308. FAIR WEATHER PEOPLE

(The Abundant Life Series – Batch 3)

I call them fair weather people. You know: The people who are with you on the days of glorious sunshine but who run and leave you to fend for yourself at the hint of trouble, when the sky is overcast and the showers start to pour. Instead of getting you an umbrella and helping you to shelter from the storm, they leave you to be drenched and to drown even, thinking of nothing but themselves.

These are the people that are there for the blessings but they’re not there for the blight. They’re there for the fame but they’re not there for the fight. They’re there for the promotion but they’re not there for the pain. They’re there for your success but they’re not there for your shame.

In short, they’re not there with you in the trenches and turn their noses down at you when you’re going through what you’re going through but they want to be around you and with you and have the nerve to smile at you, in your triumph. They are also quick to remember you and find you wherever you are when they need help but they can never be found or are scarcely ever around when you are the one in need of a helping hand, support, understanding or encouragement.

Such people are all around us and I’m sure you can put a few names to the title, based on your own life experience.

Some people have unfortunately, married fair weather spouses, who, when the finances are low or there is infertility or a spouse gains weight or loses his or her looks or gets sick or injured or disabled in some way that mars his or her physical features or to the other spouse’s mind, he or she loses his or her appeal or is now found to be boring, that fair weather spouse bails, looking for greener pastures elsewhere.

I have seen footage of an actual Wedding where, upon being asked to repeat the typical Wedding vows, the wife-to-be refused to say ‘For better or worse, for richer or poorer.’ Instead, she changed the vows right there and then and instead said, “For better or better, for richer or richer.’ This made the guests laugh but to my mind, it was troubling, as it was compelling evidence that she was going to be a fair weather spouse.

Unfortunately, fair weather spouses don’t do well when it comes to longevity. For, they are fair weather people and so do not generally stick around in storms, unless they feel coerced to do so.

Interestingly, a few years back, I heard a woman on a radio station state, that if she got married and something were to happen to her husband, like him becoming crippled or in some other way disabled, that she would leave the marriage. She said it without any shame and without any regard for what God’s Word had to say on the issue of marriage, although she purported to be a ‘Christian’. As if that was not bad enough, she brazenly explained that if something like that were to occur, she would leave because she had not “signed up” for that.

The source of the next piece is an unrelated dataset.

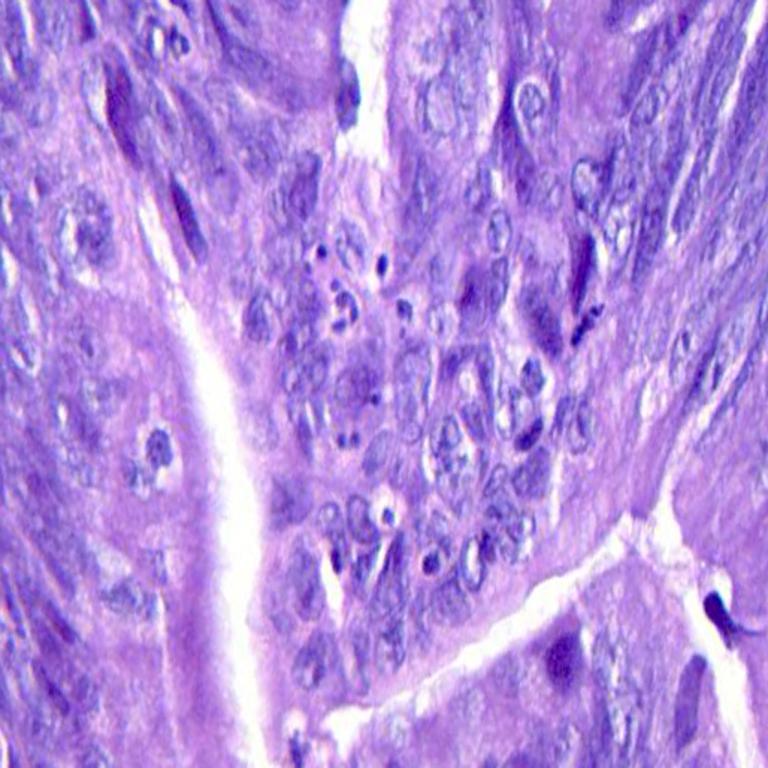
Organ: colon
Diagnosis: adenocarcinomas

When I heard the foolishness that came from that woman’s mouth, I realized that the Word of God was not her authority. She was her own authority and had not yet submitted to the Lordship of Christ, although she falsely claimed to be a Christian. I thought to myself then, that she needed to stay single and I hoped that no one would make the mistake of marrying her.

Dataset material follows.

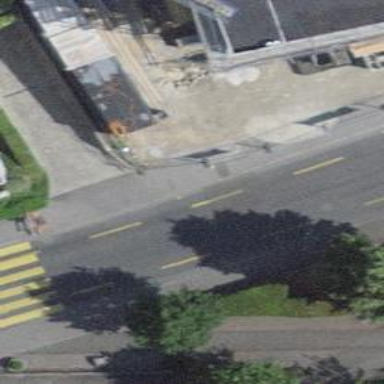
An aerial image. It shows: Residential road with asphalt surface. It has separate cycle lane and sidewalks on both sides.
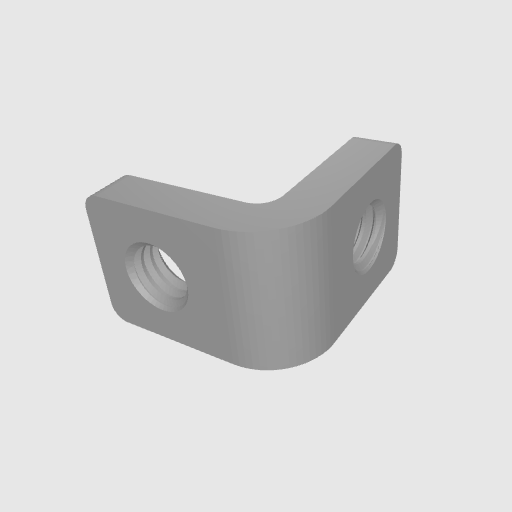
Part: ThreadedLBracket1H

A few years later though, to my shock I saw that she had gotten married and many pictures of the day’s festivities were posted on Facebook. I felt really sorry for the man that she had married though, as she was a self-proclaimed fair weather spouse. If the going ever got rough, she had already announced publicly, that she would leave.

Maybe the poor chap had not heard what she had said back then or thought that she had not meant it or that him having met her and wooed her and her agreeing to marry him, that he was so awesome, that she was bound to have changed her mind.

I thought to myself, that only time would tell. Only time tells what sort of foundation a couple that enters into marriage, has built on, whether sturdy or whether flimsy.

Not surprisingly, a few weeks ago and only about a year and some months into her marriage, upon visiting her Facebook Page, I saw that she had removed her married name and reverted to the use of her maiden name only. She had also apparently removed all of her Wedding and engagement pictures and there was no sign whatsoever of the man that she had married, as if he had never existed! She was also posting cryptic messages about failed relationships and so (although reconciliation is always possible) it seemed that her marriage had gone kapunt and that she and he had gone their separate ways.

If this was the case, I was not at all surprised. While I have no idea what took place in that marriage, this woman had already announced, while still single, that she was not the kind to stick around and fight in a marriage. She had already declared that if trouble came that she did not sign up for, that (although the Bible speaks to the permanency of marriage), she would leave.

The whole situation reminded me of the importance of being aligned to the right person for marriage and choosing the right person to spend the rest of one’s life with. You want someone that will not exhibit fair weather behaviour when life doesn’t seem as rosy or the world seems to be pelting lemons (and even stones!) but who will stay with you and fight with you, no matter what curve ball life throws.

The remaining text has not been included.